In this chapter, we’ve covered the fundamentals of regression analysis for business applications. We’ve learned how to:

  • Implement and interpret simple and multiple linear regression models
  • Use fixed effects regression for panel data
  • Apply non-linear regression techniques
  • Perform model diagnostics to validate regression assumptions
  • Identify and address multicollinearity using VIF analysis
  • Compare and select models based on statistical criteria
  • Visualize regression results for business presentations
  • Calculate and interpret marginal effects and elasticities
  • Apply regression analysis to business problems like sales response modeling

These skills provide a solid foundation for predictive modeling in business contexts. By understanding the relations between variables and quantifying their effects, you can make more informed business decisions and develop effective strategies.

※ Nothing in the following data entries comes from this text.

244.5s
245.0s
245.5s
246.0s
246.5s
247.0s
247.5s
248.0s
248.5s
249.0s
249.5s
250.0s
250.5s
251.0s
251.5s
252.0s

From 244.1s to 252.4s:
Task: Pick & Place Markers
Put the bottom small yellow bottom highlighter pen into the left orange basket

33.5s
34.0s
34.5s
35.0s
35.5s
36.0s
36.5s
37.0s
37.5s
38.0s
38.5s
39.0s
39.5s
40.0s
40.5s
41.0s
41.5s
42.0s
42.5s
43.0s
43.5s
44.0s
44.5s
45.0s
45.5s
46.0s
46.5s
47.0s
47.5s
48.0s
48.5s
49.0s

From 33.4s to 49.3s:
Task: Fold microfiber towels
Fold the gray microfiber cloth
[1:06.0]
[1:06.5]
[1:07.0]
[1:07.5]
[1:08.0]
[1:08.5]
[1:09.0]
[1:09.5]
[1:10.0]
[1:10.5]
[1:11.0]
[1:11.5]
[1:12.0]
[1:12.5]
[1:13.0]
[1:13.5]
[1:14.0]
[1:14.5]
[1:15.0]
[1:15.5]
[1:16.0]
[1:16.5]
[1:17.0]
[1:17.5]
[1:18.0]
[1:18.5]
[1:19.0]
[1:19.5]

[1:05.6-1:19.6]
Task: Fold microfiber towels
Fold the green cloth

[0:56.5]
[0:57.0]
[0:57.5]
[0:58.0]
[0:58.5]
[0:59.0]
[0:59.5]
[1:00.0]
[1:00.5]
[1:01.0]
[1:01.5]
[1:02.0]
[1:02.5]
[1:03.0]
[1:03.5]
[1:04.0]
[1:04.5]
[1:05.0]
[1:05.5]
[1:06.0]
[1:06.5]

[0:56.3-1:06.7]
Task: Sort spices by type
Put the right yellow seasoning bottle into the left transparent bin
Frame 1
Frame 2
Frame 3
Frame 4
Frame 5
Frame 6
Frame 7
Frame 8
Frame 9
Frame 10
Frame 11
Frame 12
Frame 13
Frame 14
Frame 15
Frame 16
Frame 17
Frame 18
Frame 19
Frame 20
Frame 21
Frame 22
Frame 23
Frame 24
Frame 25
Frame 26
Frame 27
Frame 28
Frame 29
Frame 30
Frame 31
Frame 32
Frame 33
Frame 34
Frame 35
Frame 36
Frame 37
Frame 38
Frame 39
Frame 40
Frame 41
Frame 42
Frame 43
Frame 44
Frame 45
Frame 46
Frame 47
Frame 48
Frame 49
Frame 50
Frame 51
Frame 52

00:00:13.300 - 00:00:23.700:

In the next chapter, we’ll build on these skills to explore classification models, which are useful for predicting categorical outcomes such as customer churn, credit default, and purchase decisions.

3.15 References

  • Fox, J. (2015). Applied Regression Analysis and Generalized Linear Models. SAGE Publications.
  • Wooldridge, J. M. (2010). Econometric Analysis of Cross Section and Panel Data. MIT Press.
  • James, G., Witten, D., Hastie, T., & Tibshirani, R. (2021). An Introduction to Statistical Learning with Applications in R. Springer.
  • Bergeaud, A., & Vermare, L. (2022). The fixest R Package: Fast Fixed-Effects Estimation. https://cran.r-project.org/web/packages/fixest/vignettes/fixest_walkthrough.html
  • Huntington-Klein, N. (2021). The Effect: An Introduction to Research Design and Causality. https://theeffectbook.net/ch-FixedEffects.html
  • Belsley, D. A., Kuh, E., & Welsch, R. E. (1980). Regression Diagnostics: Identifying Influential Data and Sources of Collinearity. Wiley.